Yeah, I have used similar lead referrals like service magic. I did have to very competitive, but if I got one job out of 5-6 like ATH said, I figured it was worth it as that referral usually gave me more business from neighbors. Phone book is expensive.
Darin


----------



## mckeetree (Oct 22, 2007)

TSD is not a very good deal. I don't mean the price, it is cheap enough, but the leads you get are 100% pure sh#t. I need to call and de-sign.


----------



## Darin (Oct 22, 2007)

How long ago did you do it?


----------



## ASD (Oct 22, 2007)

WE JUST STOPPED ABOUT A MONTH AGO BEST THING WE EVER DID


----------



## Xtra (Oct 23, 2007)

I'm one of T S D 's longest clients (since 6/04) and one of the first in NJ.

In the beginning their leads were like found money!
The past two years things have gotten bad. Too many tire-kickers asking to trim a small shrub or remove a small branch. 
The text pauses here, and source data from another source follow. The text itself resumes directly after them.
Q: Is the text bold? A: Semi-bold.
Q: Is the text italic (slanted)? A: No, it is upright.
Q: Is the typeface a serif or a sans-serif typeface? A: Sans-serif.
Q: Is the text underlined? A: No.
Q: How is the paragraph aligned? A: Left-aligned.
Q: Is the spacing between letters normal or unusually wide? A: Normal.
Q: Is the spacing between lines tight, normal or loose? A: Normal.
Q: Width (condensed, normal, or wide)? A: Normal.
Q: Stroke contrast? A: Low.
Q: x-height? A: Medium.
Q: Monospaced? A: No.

Also, the homeowners give you too little time to respond. They just have to click one box to send a free estimate request to all the companies in their area.
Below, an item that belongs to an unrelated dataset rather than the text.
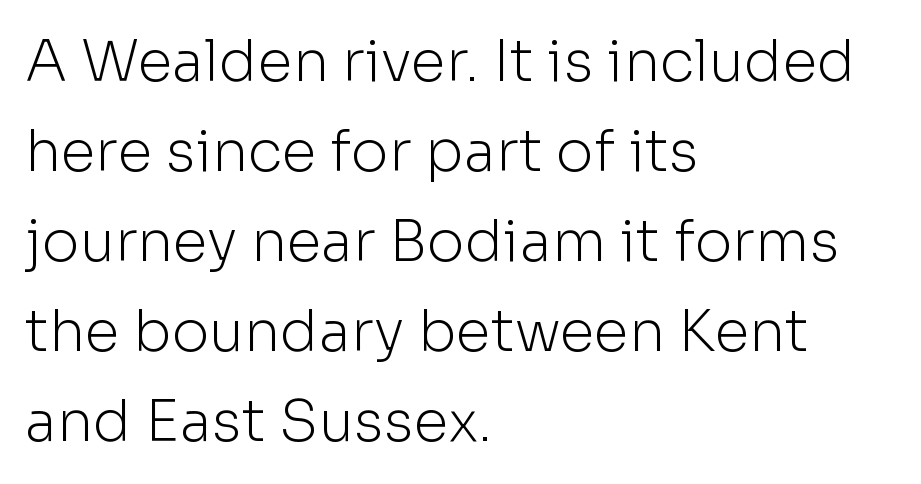
The image shows 57 px light sans-serif type, upright; set left-aligned, normal line spacing (1.58x), normal letter spacing, not underlined; low stroke contrast and a medium x-height.

Lately, the number of companies they allow in my area has gotten out of control. They now list 8 companies in my county. So one click has us all us responding to the same job. 

The plus side of joining them . . . the price you pay per lead is cheap and some can turn into large projects, although you'll have to quote rock-bottom prices.


----------



## Darin (Oct 23, 2007)

They don't limit the leads to three? Does the homeowner get a little testy when 8 guys come to give them a quote? There are other one's where the first 3 to respond gets the lead. That is fair too. Prices are low true. Like I said I always got good referrals out of the neighbors.


----------



## ddhlakebound (Oct 23, 2007)

I was disappointed to see TSD as an ArboristSite sponsor. Though I've never used them, I did check into their service at one point, and wasn't terribly impressed. 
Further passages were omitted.